Problem description. Please print every record below exactly as written, leaving out the pictures.

(Dataset items)

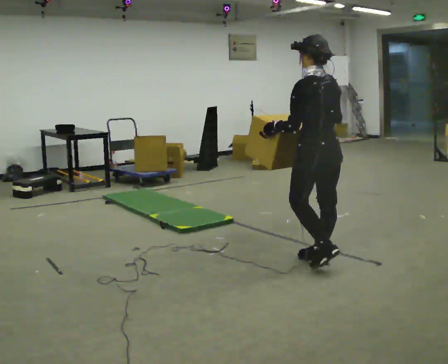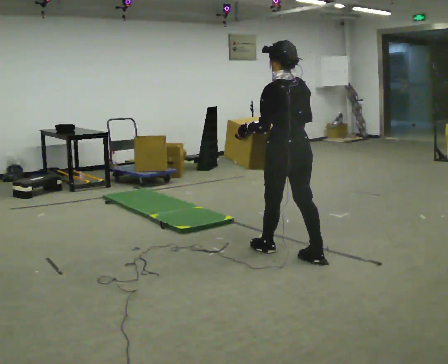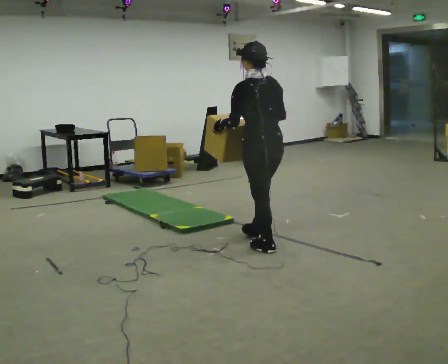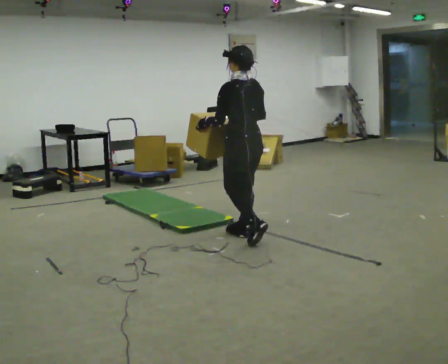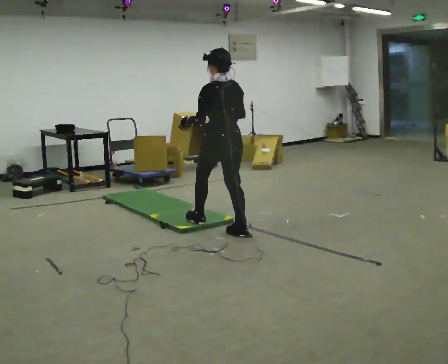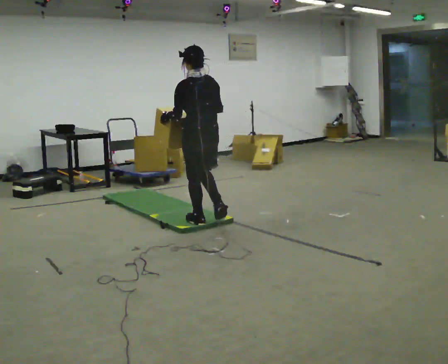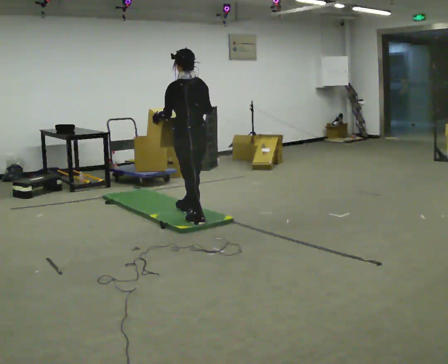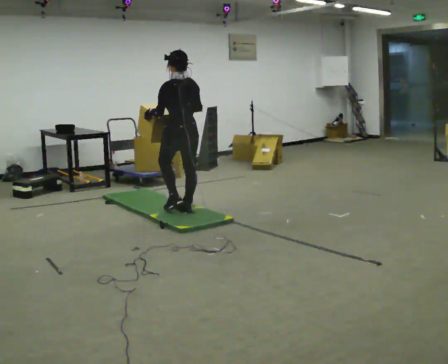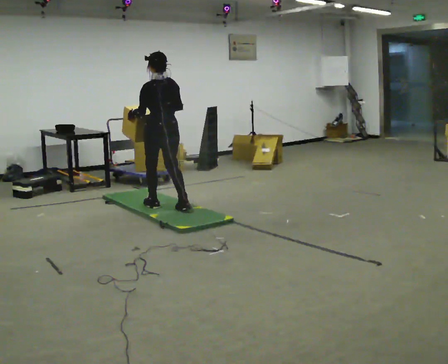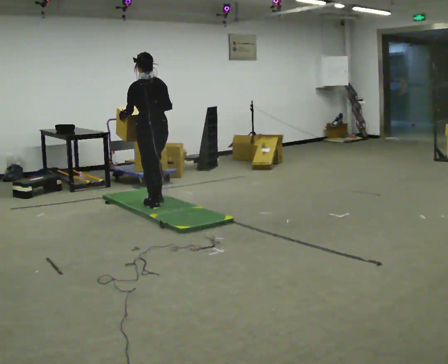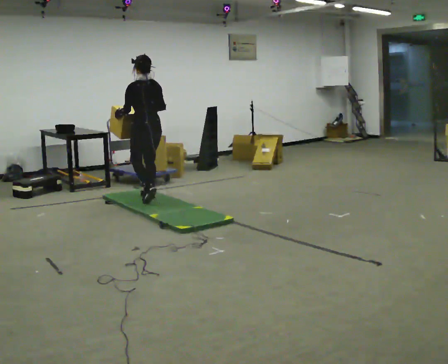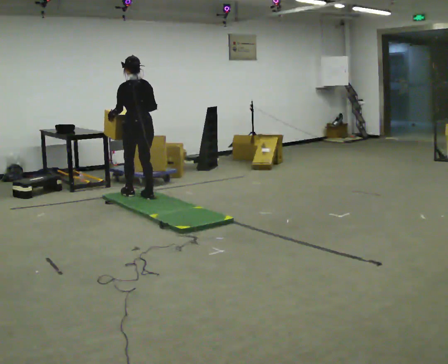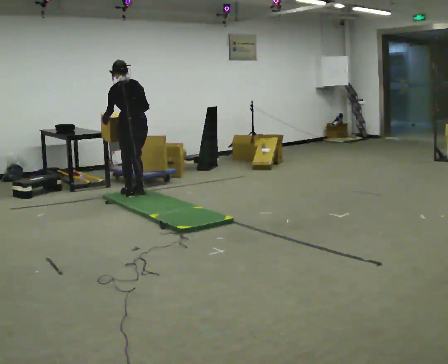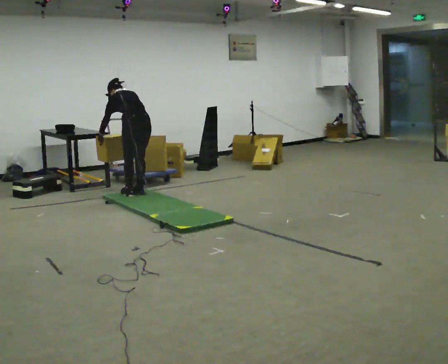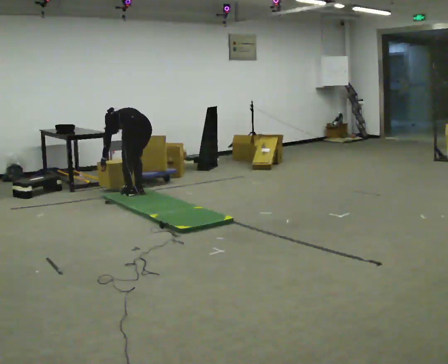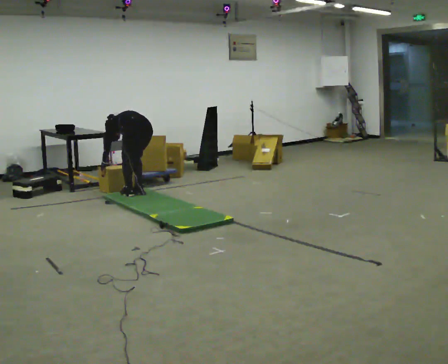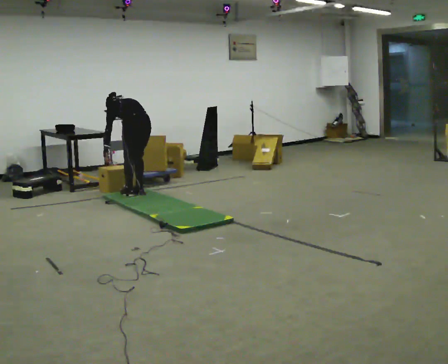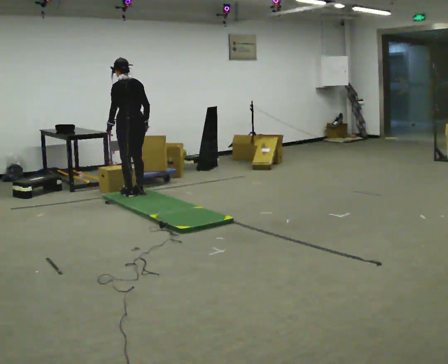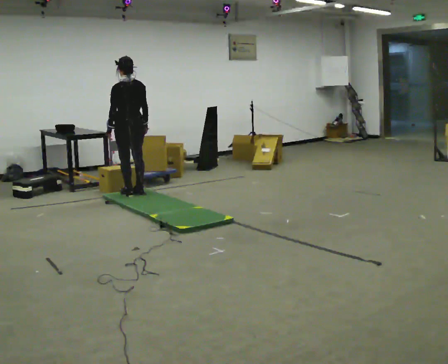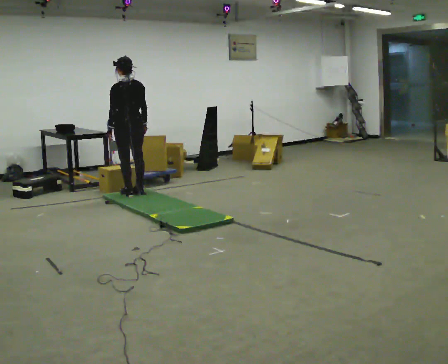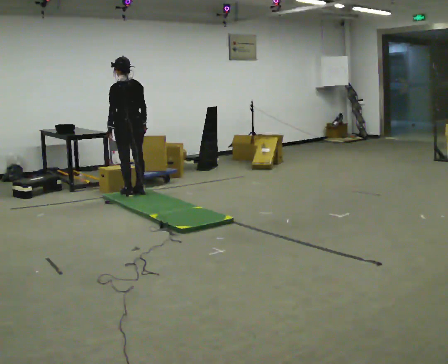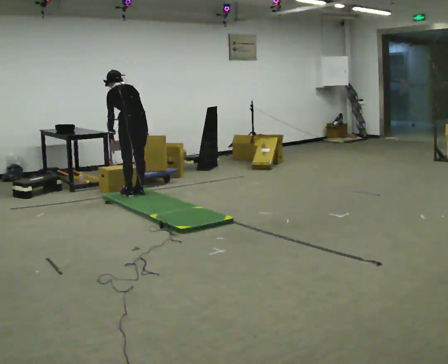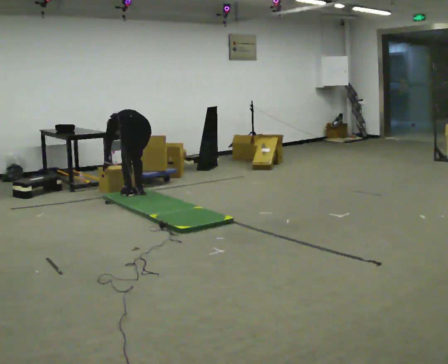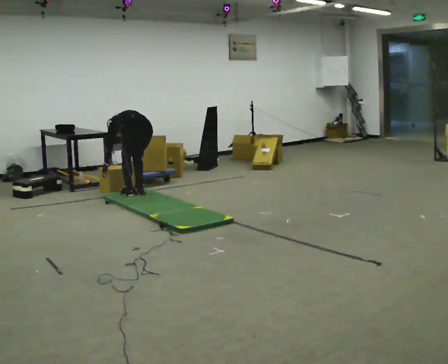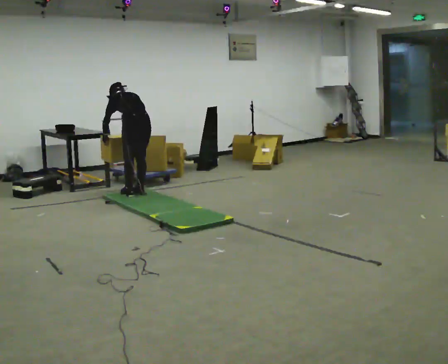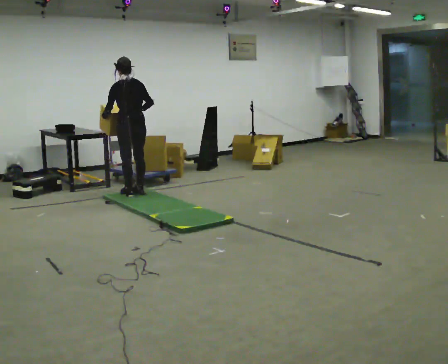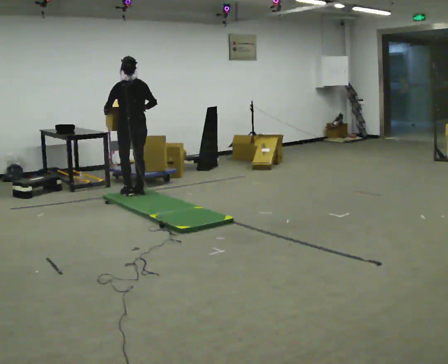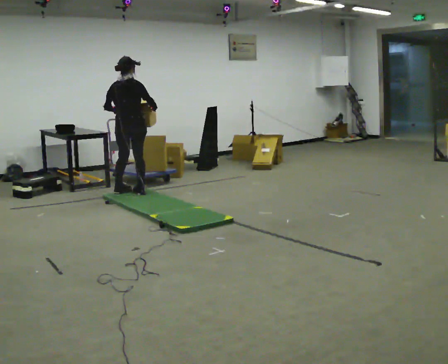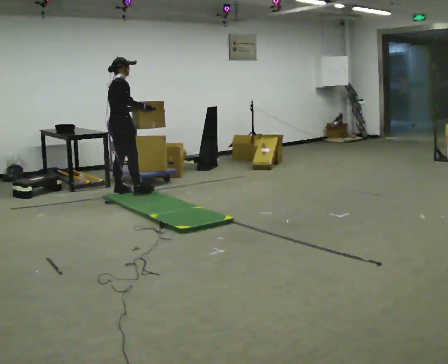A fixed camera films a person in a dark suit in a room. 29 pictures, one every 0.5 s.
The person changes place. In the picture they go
away from the camera.
0.0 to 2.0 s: In the picture they go away from the camera and to the left, about 1 m in 3 steps, which for them is forward.
2.0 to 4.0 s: In the picture they go away from the camera and to the left, about 1 m in 2 steps, which for them is forward.
4.0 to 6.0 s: In the picture they go away from the camera and to the left, about 0.5 m in 3 steps, which for them is forward.
6.0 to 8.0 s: The person moves a little, or ends about where they began.
8.0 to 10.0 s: The upper body goes upward. The upper body tips toward the camera, its near side rolling downward, as they lean back or straighten.
10.0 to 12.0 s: The person moves a little, or ends about where they began.
12.0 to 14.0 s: Seen from above the body turns clockwise, about 105 degrees: to their right, with its near side sliding to the left. In the picture they go to the left, about 0.25 m in 1 step.
The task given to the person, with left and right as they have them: Carry the box across the soft uneven mat, set it down on the far side, then bring it back. Keep going until the operator says stop; one object at a time, and do not rush between trips.
The film runs forward here.

Problem solution.
A fixed camera films a person in a dark suit in a room. 29 pictures, one every 0.5 s.
The person changes place. In the picture they go
away from the camera.
0.0 to 2.0 s: In the picture they go away from the camera and to the left, about 1 m in 3 steps, which for them is forward.
2.0 to 4.0 s: In the picture they go away from the camera and to the left, about 1 m in 2 steps, which for them is forward.
4.0 to 6.0 s: In the picture they go away from the camera and to the left, about 0.5 m in 3 steps, which for them is forward.
6.0 to 8.0 s: The person moves a little, or ends about where they began.
8.0 to 10.0 s: The upper body goes upward. The upper body tips toward the camera, its near side rolling downward, as they lean back or straighten.
10.0 to 12.0 s: The person moves a little, or ends about where they began.
12.0 to 14.0 s: Seen from above the body turns clockwise, about 105 degrees: to their right, with its near side sliding to the left. In the picture they go to the left, about 0.25 m in 1 step.
The task given to the person, with left and right as they have them: Carry the box across the soft uneven mat, set it down on the far side, then bring it back. Keep going until the operator says stop; one object at a time, and do not rush between trips.
The film runs forward here.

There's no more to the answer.